For those needing a more generic recursive plugin check this out: https://www.npmjs.com/package/recursive-lambda.
Hope it helps.
nice artlicle, but shouldnt the lambda also be configured as a Cloudwatch scheduled event e.g.
sqlConsumerLambda:
handler: handler.bla
events:
– schedule: rate(1 minute)
?
Hi Emmet,
The idea here is to not rely on a scheduled event to poll SQS because it sets in stone how often you poll SQS and doesn’t scale dynamically based on load and how fast you’re processing incoming messages. The limitation here is that you can’t recover from a failed invokation and would need some way to restart the recursive loop, and you need a mechanism for scaling up & down the no. of parallel loops you’re running based on load (the same way you’ll do for EC2), which is where part 2 comes in.
so what is triggering you lambda that reads the queue ?
from what I have read , one can use dead letter queues with SNS too
“With SNS, messages are retried 3 times and then lost forever.
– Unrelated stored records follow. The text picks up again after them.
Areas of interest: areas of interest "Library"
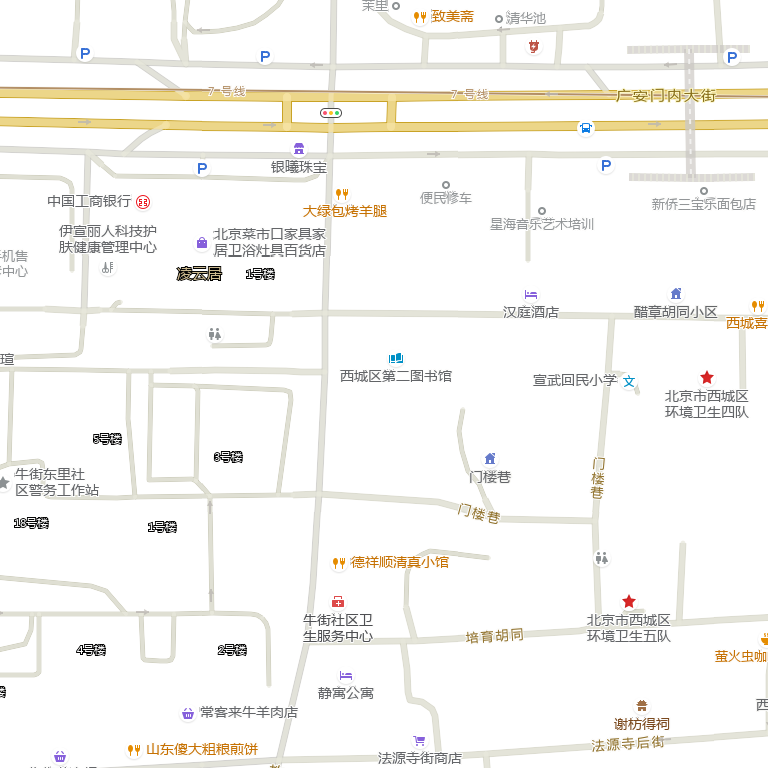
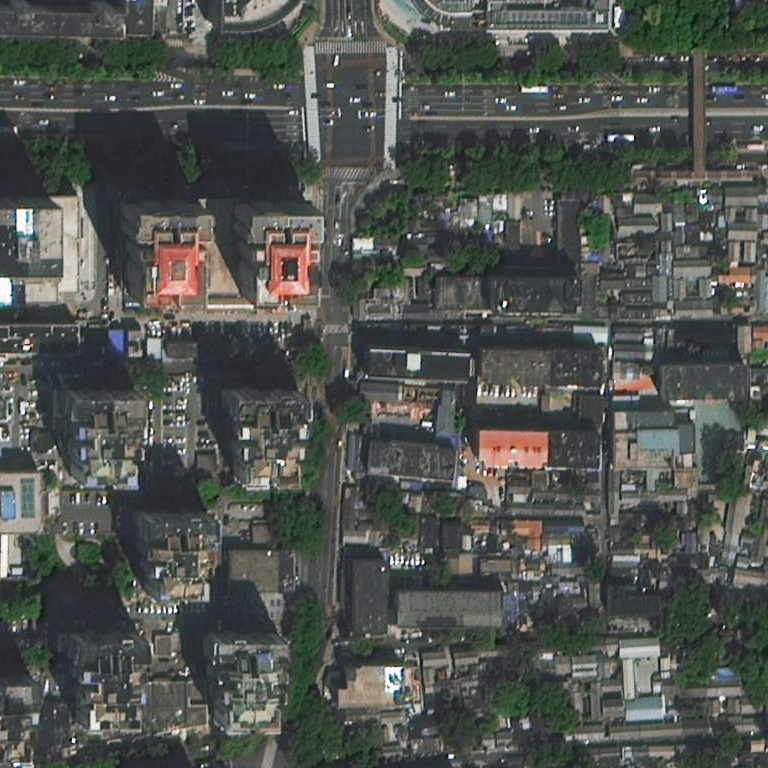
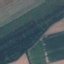
Label: AnnualCrop
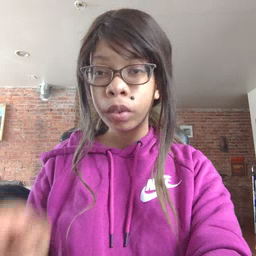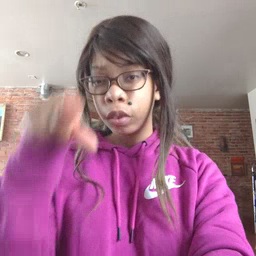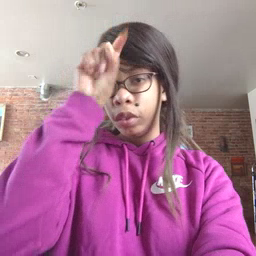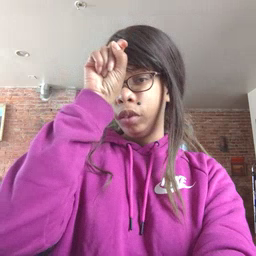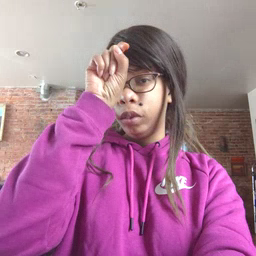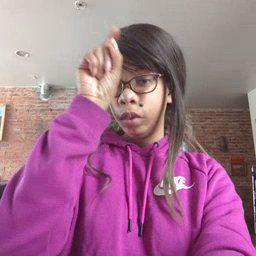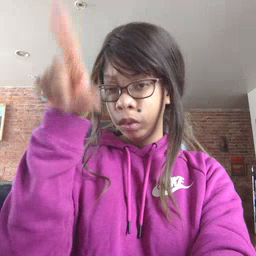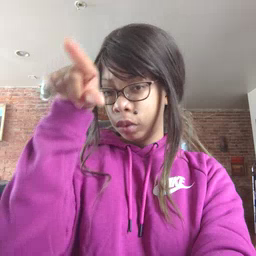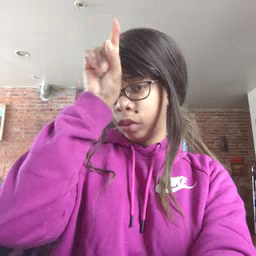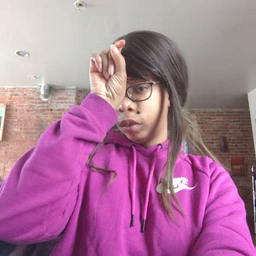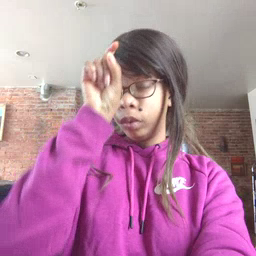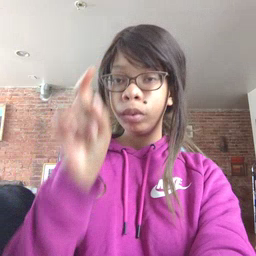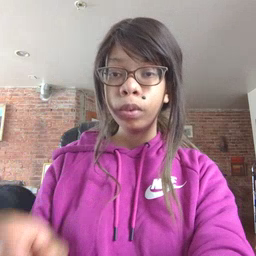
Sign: puzzle

Whether or not this behaviour is a showstopper for using SNS needs to be judged against your requirements.”
Hi Emmet,
Since I wrote the post AWS has introduced dead lettering queues for Lambda, so the concern of dropping SNS messages due to temporal issue (eg. downstream systems having problems) has been eased.
Cheers,
Hi Emmet,
For the simple setup in this part, you can kick it off the recursive loop by invoking the function in any way you wish – aws cli, from the AWS console, programmatically from your code/script, etc.
The setup in part 2 does use CW events (for scaling & restarting dead recursive loops) which doubles up as initially kicking off polling the queue (ie. scaling from 0 loops to 1).